#### Excerpted records
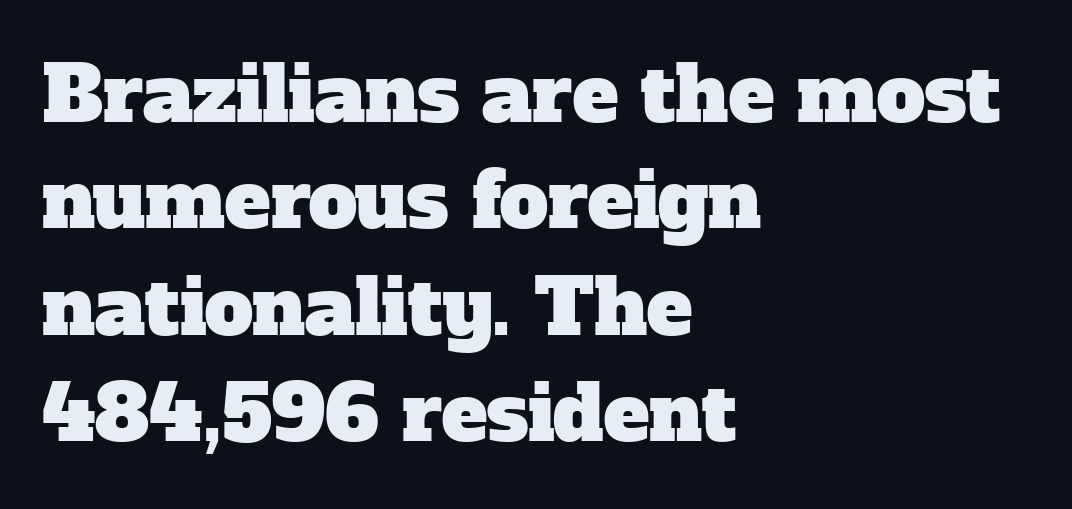
These lines are rendered in a variable-pitch font. Honestly, the letter spacing is just normal — you wouldn't notice it. Alignment: flush left. Regular leading.
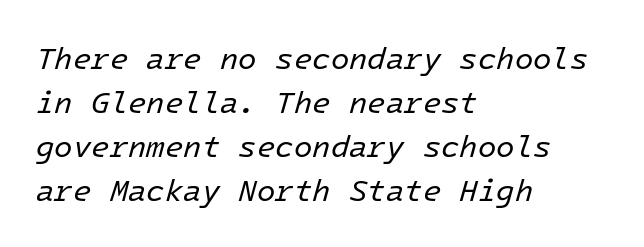
Q: Is the text bold? A: No.
Q: Is the text italic (slanted)? A: Yes, it leans right by about 16 degrees.
Q: Is the text underlined? A: No.
Q: How is the paragraph aligned? A: Left-aligned.
Q: Is the spacing between letters normal or unusually wide? A: Normal.
Q: Is the spacing between lines tight, normal or loose? A: Normal.
Q: Width (condensed, normal, or wide)? A: Normal.
Q: Stroke contrast? A: Low.
Q: x-height? A: Medium.
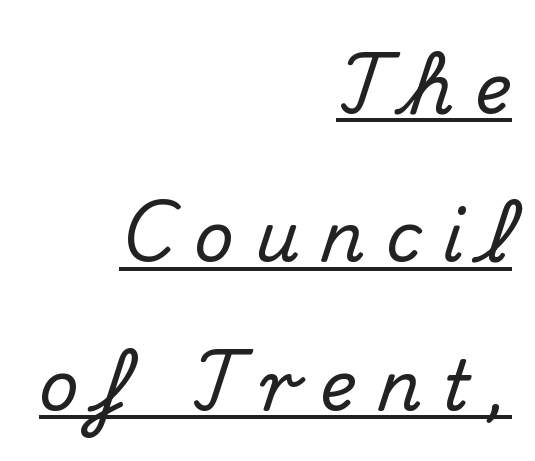
The lettering is marked with a stroke running underneath it. Spacing between characters has been opened up far beyond the box default. Examine the stroke ends and you'll spot serifs. The letters advance in unequal steps, a hallmark of proportional type.
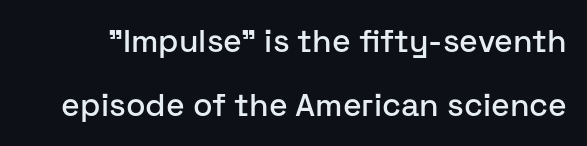
Type without underlining. Each letter keeps its own natural width here, so spacing adapts to shape. No italicization has been applied; the sample stays upright. Nothing unusual about the tracking: characters are spaced as the font intends.
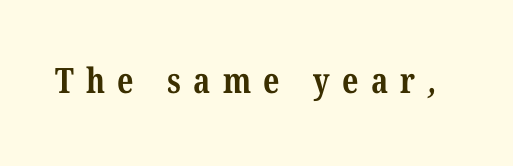
Q: Is the text bold? A: Yes.
Q: Is the typeface a serif or a sans-serif typeface? A: Serif.
Q: Is the text underlined? A: No.
Q: Is the spacing between letters normal or unusually wide? A: Unusually wide.
Q: Width (condensed, normal, or wide)? A: Condensed.
Q: Stroke contrast? A: Medium.
Q: x-height? A: Medium.
Q: Monospaced? A: No.
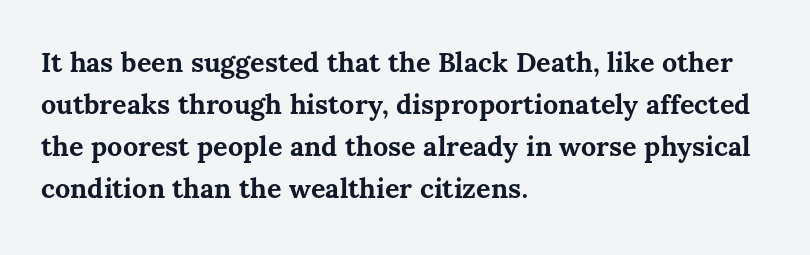
The image shows 27 px bold type, upright; set left-aligned, normal line spacing (1.55x), normal letter spacing, not underlined.
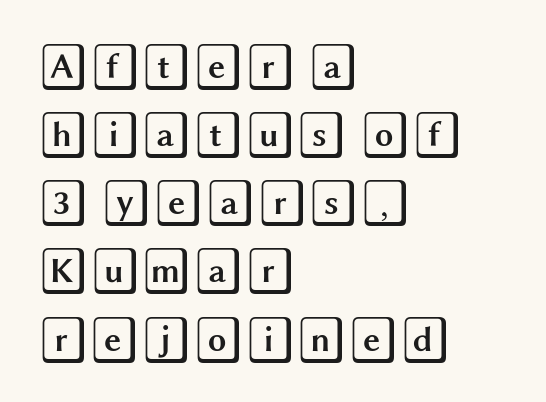
{"italic": "no", "width": "wide", "x_height": "large", "underline": "no", "align": "left", "line_spacing": "normal", "line_spacing_ratio": 1.45, "letter_spacing": "normal", "letter_spacing_em": 0.0, "glyph_px": 47}
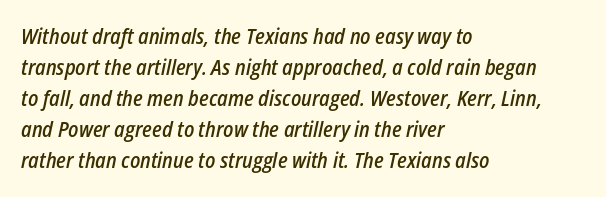
{"italic": "yes", "lean": "right", "slant_degrees": 12, "bold": "semi", "underline": "no", "align": "left", "line_spacing": "normal", "line_spacing_ratio": 1.48, "letter_spacing": "normal", "letter_spacing_em": 0.0, "glyph_px": 21}
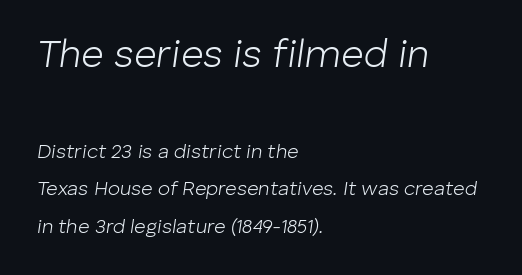
{"italic": "yes", "lean": "right", "slant_degrees": 8, "bold": "no", "weight": "light", "width": "normal", "stroke_contrast": "low", "x_height": "medium", "monospaced": "no", "underline": "no", "align": "left", "line_spacing_ratio": 1.88, "letter_spacing": "normal", "letter_spacing_em": 0.0, "larger_block": "first", "size_ratio": 1.95, "glyph_px": 39}
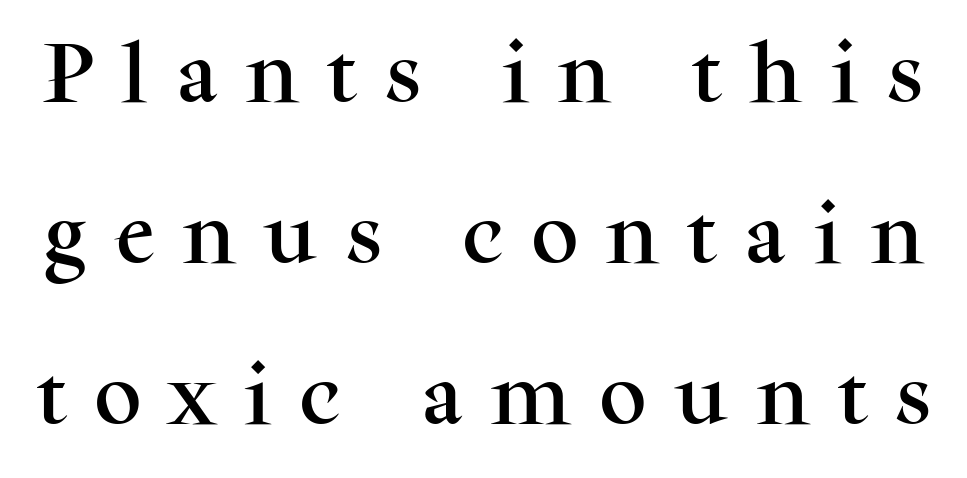
{"serif": "yes", "italic": "no", "width": "normal", "stroke_contrast": "medium", "x_height": "medium", "monospaced": "no", "underline": "no", "line_spacing": "loose", "line_spacing_ratio": 2.44, "letter_spacing": "wide", "letter_spacing_em": 0.44, "glyph_px": 66}
########
** Goal of the exercise **
A faithful copy of all the entries is required, pictures excluded.

** Response **
These lines are rendered in a variable-pitch font. Honestly, the letter spacing is just normal — you wouldn't notice it. Alignment: flush left. Regular leading.
Q: Is the text bold? A: No.
Q: Is the text italic (slanted)? A: Yes, it leans right by about 16 degrees.
Q: Is the text underlined? A: No.
Q: How is the paragraph aligned? A: Left-aligned.
Q: Is the spacing between letters normal or unusually wide? A: Normal.
Q: Is the spacing between lines tight, normal or loose? A: Normal.
Q: Width (condensed, normal, or wide)? A: Normal.
Q: Stroke contrast? A: Low.
Q: x-height? A: Medium.
The lettering is marked with a stroke running underneath it. Spacing between characters has been opened up far beyond the box default. Examine the stroke ends and you'll spot serifs. The letters advance in unequal steps, a hallmark of proportional type.
Type without underlining. Each letter keeps its own natural width here, so spacing adapts to shape. No italicization has been applied; the sample stays upright. Nothing unusual about the tracking: characters are spaced as the font intends.
Q: Is the text bold? A: Yes.
Q: Is the typeface a serif or a sans-serif typeface? A: Serif.
Q: Is the text underlined? A: No.
Q: Is the spacing between letters normal or unusually wide? A: Unusually wide.
Q: Width (condensed, normal, or wide)? A: Condensed.
Q: Stroke contrast? A: Medium.
Q: x-height? A: Medium.
Q: Monospaced? A: No.
The image shows 27 px bold type, upright; set left-aligned, normal line spacing (1.55x), normal letter spacing, not underlined.
{"italic": "no", "width": "wide", "x_height": "large", "underline": "no", "align": "left", "line_spacing": "normal", "line_spacing_ratio": 1.45, "letter_spacing": "normal", "letter_spacing_em": 0.0, "glyph_px": 47}
{"italic": "yes", "lean": "right", "slant_degrees": 12, "bold": "semi", "underline": "no", "align": "left", "line_spacing": "normal", "line_spacing_ratio": 1.48, "letter_spacing": "normal", "letter_spacing_em": 0.0, "glyph_px": 21}
{"italic": "yes", "lean": "right", "slant_degrees": 8, "bold": "no", "weight": "light", "width": "normal", "stroke_contrast": "low", "x_height": "medium", "monospaced": "no", "underline": "no", "align": "left", "line_spacing_ratio": 1.88, "letter_spacing": "normal", "letter_spacing_em": 0.0, "larger_block": "first", "size_ratio": 1.95, "glyph_px": 39}
{"serif": "yes", "italic": "no", "width": "normal", "stroke_contrast": "medium", "x_height": "medium", "monospaced": "no", "underline": "no", "line_spacing": "loose", "line_spacing_ratio": 2.44, "letter_spacing": "wide", "letter_spacing_em": 0.44, "glyph_px": 66}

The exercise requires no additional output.